George W. Trendle, the owner of the radio station, never thought much of Ann Worth, Housewife. Reportedly the series was created and premiered while he was on vacation. Upon returning from Florida, he listened to an episode and asked for an explanation, prompting him to ask, “Who’s responsible for that?” Fran Striker, who was writing The Lone Ranger, was happy to say he had nothing to do with it. Nevertheless, it was a good enough show and had the backing of an important sponsor. After all, a paying client is a paying client. Trendle let the matter drop. Trendle was in favor of another soap opera on the network, Love Doctor (May 1935 to February 1936) but it was not as successful financially, never attracting a sponsor.

 

By 1937, when WXYZ signed with the NBC Blue Network, Ann Worth, Housewife aired in between Pepper Young’s Family and The O’Neills, which originated from the NBC studios in New York. In January or February 1938, with Brace Beemer no longer working for the station, Joan Vitez bumped into the former station manager at a cocktail party. After a little conversation, he asked the actress if she was aware that she was getting paid half of what the sponsors were paying for. Vitez looked puzzled, so Beemer explained all about “the clip.” 

 

To justify the expense of sponsoring a radio program, the sponsor was provided a breakdown of costs on a monthly basis. Accounts payable were submitted monthly, with the sponsor unaware that not all of the money was being allocated properly. The role of the producer was to distribute funds accordingly, and his salary was dependent on the lowest price he could produce.
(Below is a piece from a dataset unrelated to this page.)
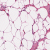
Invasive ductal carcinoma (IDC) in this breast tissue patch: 0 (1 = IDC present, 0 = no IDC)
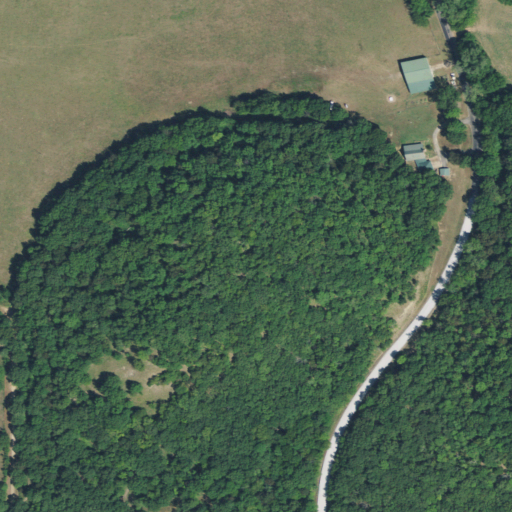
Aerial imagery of mountain in Oklahoma named Tully Hill containing deciduous forest, pasture, open development, evergreen forest, and grassland

Within the breakdown, the Mills Baking Company was paying $150 a week solely for the talent of Joan Vitez; her salary was $75.

 

Tom Dougall
The next morning, following the completion of the next episode of Ann Worth, Housewife, the actress paid a visit to James Jewell. She confessed that she knew about “the clip,” and with disappointment she was exercising a clause in her contract that gave her the right to quit the show and to leave WXYZ at the end of the present 13-week term. Jewell thought she was joking until he coincidentally noticed her at the local bank closing her account and withdrawing her savings. Jewell begged for her to stay, and she agreed to remain for one week, long enough for him to find a replacement. She planned to go to New York City for greener pastures. A girl named Lenore Collins spent the week watching Vitez, during rehearsals and the actual broadcast, listening to her, learning to imitate her. Lenore was a buyer from Hudson’s Department Store, known for having a low voice much like Joan Vitez. But Collins was not a sufficient replacement.

 

Ruth Rickaby gathered some of the cast together for a little farewell. Joan told them about “the clip.” They had all suspected, but none of them knew definitely. 

 

“Look,” said Malcolm McCoy, picking at a hangnail and looking at Joan. “Do us a favor. Go to Mills Baking and tell them what’s going on.” 

 

“That would be great,” said Petruzzi.

 

“What have you got to lose?” Rickaby asked.

 

“You’re leaving anyway,” Petruzzi pointed out.

 

“All right,” said Joan. “Why not?” True to her word, Joan Vitez looked up a man in the advertising department at Mills Baking. She had met him before in connection with Ann Worth. She told him why she was leaving the show. He tried to persuade her to stay. She had already made up her mind and added, “the other actors wanted me to come to you and ask if you knew about the clip?” He didn’t know what she meant. She explained it. As Joan Vitez walked away from the Mills Baking Company, she erased the whole affair from her mind. She never went back to WXYZ. Lenore Collins took over the role of Ann Worth, Housewife, but—for reasons that remained unknown to the management of the radio station—Mills Baking cancelled their account a short time later, and the show went off the air in March of 1938.